Dataset excerpts =>
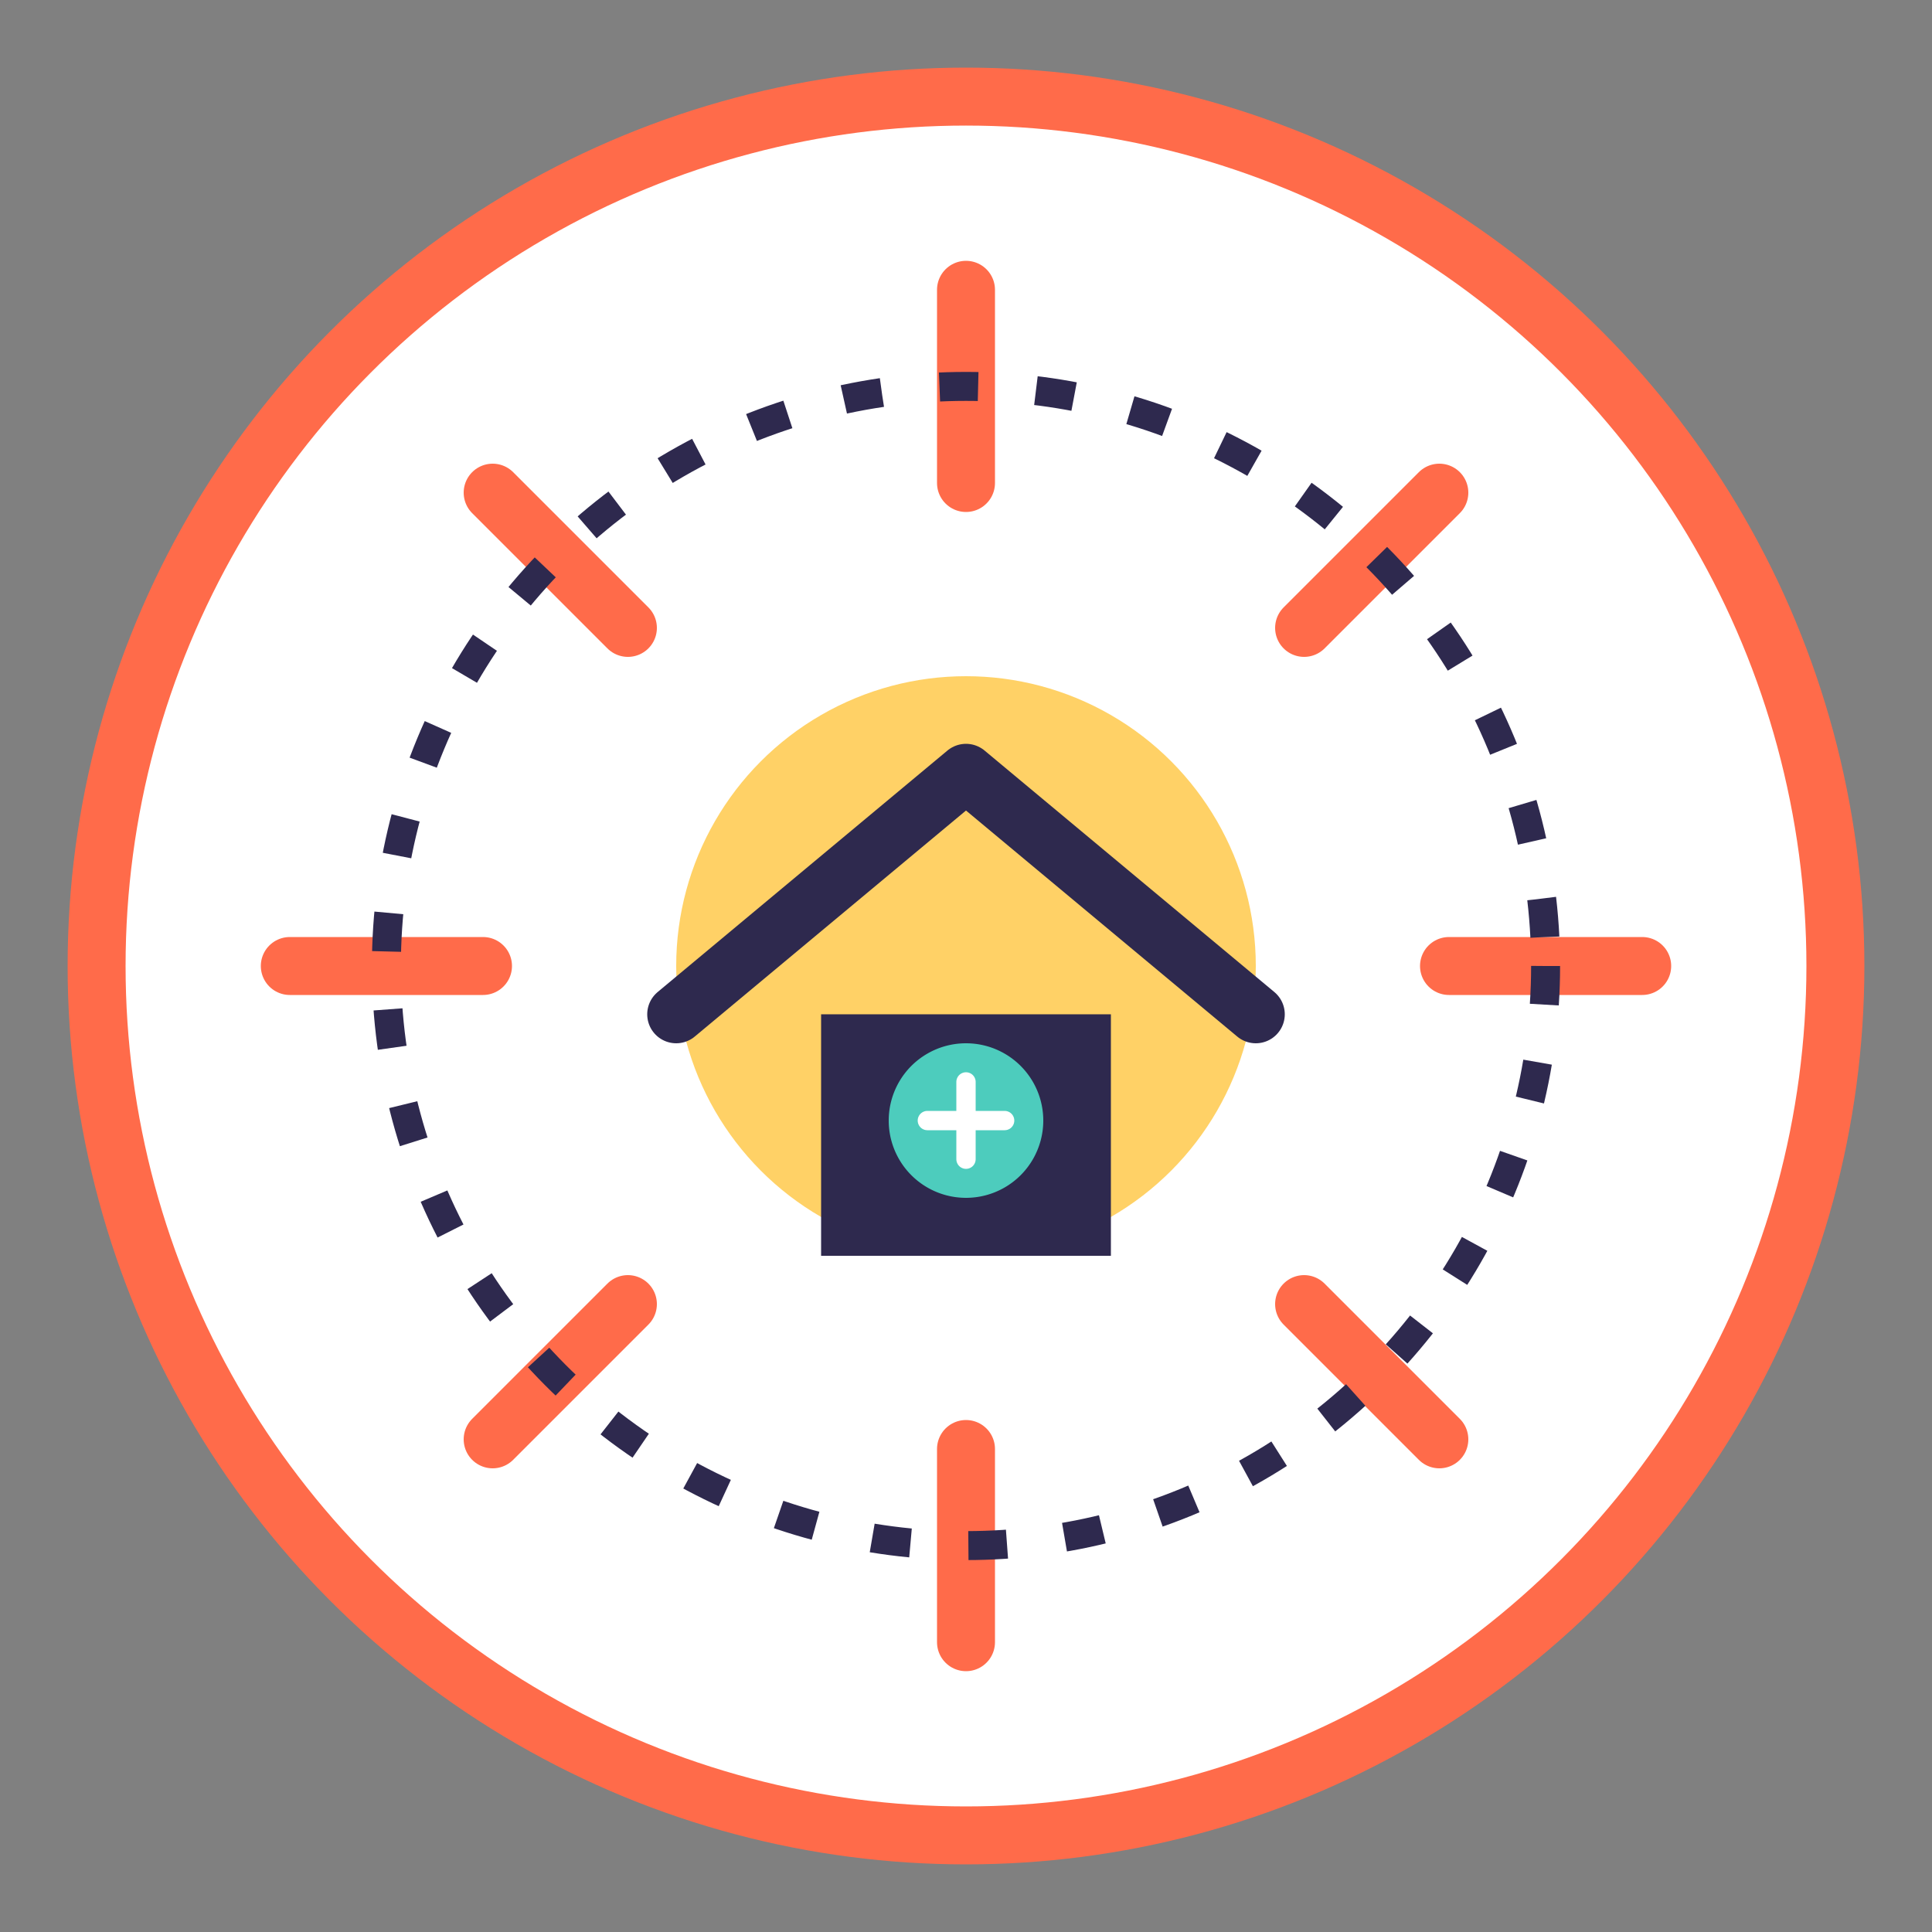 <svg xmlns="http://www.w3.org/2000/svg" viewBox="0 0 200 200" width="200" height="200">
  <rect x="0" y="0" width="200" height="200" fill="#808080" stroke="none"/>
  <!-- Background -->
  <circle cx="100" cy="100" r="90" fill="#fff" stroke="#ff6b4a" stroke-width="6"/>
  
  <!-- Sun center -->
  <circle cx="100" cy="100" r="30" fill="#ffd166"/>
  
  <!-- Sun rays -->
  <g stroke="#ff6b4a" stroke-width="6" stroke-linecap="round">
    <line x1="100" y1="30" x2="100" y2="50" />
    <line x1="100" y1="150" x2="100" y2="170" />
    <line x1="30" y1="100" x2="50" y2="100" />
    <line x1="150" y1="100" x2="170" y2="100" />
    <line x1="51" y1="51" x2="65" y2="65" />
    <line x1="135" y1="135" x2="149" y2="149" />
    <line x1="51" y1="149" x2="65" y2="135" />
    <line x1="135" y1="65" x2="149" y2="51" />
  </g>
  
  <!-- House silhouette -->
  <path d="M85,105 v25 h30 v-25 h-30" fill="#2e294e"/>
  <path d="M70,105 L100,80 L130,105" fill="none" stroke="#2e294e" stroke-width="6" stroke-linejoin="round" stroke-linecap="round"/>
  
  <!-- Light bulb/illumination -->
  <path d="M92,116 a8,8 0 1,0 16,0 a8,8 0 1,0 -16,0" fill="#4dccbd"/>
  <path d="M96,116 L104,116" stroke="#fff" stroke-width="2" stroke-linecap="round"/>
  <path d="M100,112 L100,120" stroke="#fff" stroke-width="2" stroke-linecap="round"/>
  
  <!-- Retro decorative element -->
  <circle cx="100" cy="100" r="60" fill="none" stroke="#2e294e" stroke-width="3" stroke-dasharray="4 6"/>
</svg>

How to complete this task => A word-for-word copy of the data, without its pictures, is what is needed.

Exercise answer =>
 <svg xmlns="http://www.w3.org/2000/svg" viewBox="0 0 200 200" width="200" height="200">
  <rect x="0" y="0" width="200" height="200" fill="#808080" stroke="none"/>
  <!-- Background -->
  <circle cx="100" cy="100" r="90" fill="#fff" stroke="#ff6b4a" stroke-width="6"/>
  
  <!-- Sun center -->
  <circle cx="100" cy="100" r="30" fill="#ffd166"/>
  
  <!-- Sun rays -->
  <g stroke="#ff6b4a" stroke-width="6" stroke-linecap="round">
    <line x1="100" y1="30" x2="100" y2="50" />
    <line x1="100" y1="150" x2="100" y2="170" />
    <line x1="30" y1="100" x2="50" y2="100" />
    <line x1="150" y1="100" x2="170" y2="100" />
    <line x1="51" y1="51" x2="65" y2="65" />
    <line x1="135" y1="135" x2="149" y2="149" />
    <line x1="51" y1="149" x2="65" y2="135" />
    <line x1="135" y1="65" x2="149" y2="51" />
  </g>
  
  <!-- House silhouette -->
  <path d="M85,105 v25 h30 v-25 h-30" fill="#2e294e"/>
  <path d="M70,105 L100,80 L130,105" fill="none" stroke="#2e294e" stroke-width="6" stroke-linejoin="round" stroke-linecap="round"/>
  
  <!-- Light bulb/illumination -->
  <path d="M92,116 a8,8 0 1,0 16,0 a8,8 0 1,0 -16,0" fill="#4dccbd"/>
  <path d="M96,116 L104,116" stroke="#fff" stroke-width="2" stroke-linecap="round"/>
  <path d="M100,112 L100,120" stroke="#fff" stroke-width="2" stroke-linecap="round"/>
  
  <!-- Retro decorative element -->
  <circle cx="100" cy="100" r="60" fill="none" stroke="#2e294e" stroke-width="3" stroke-dasharray="4 6"/>
</svg>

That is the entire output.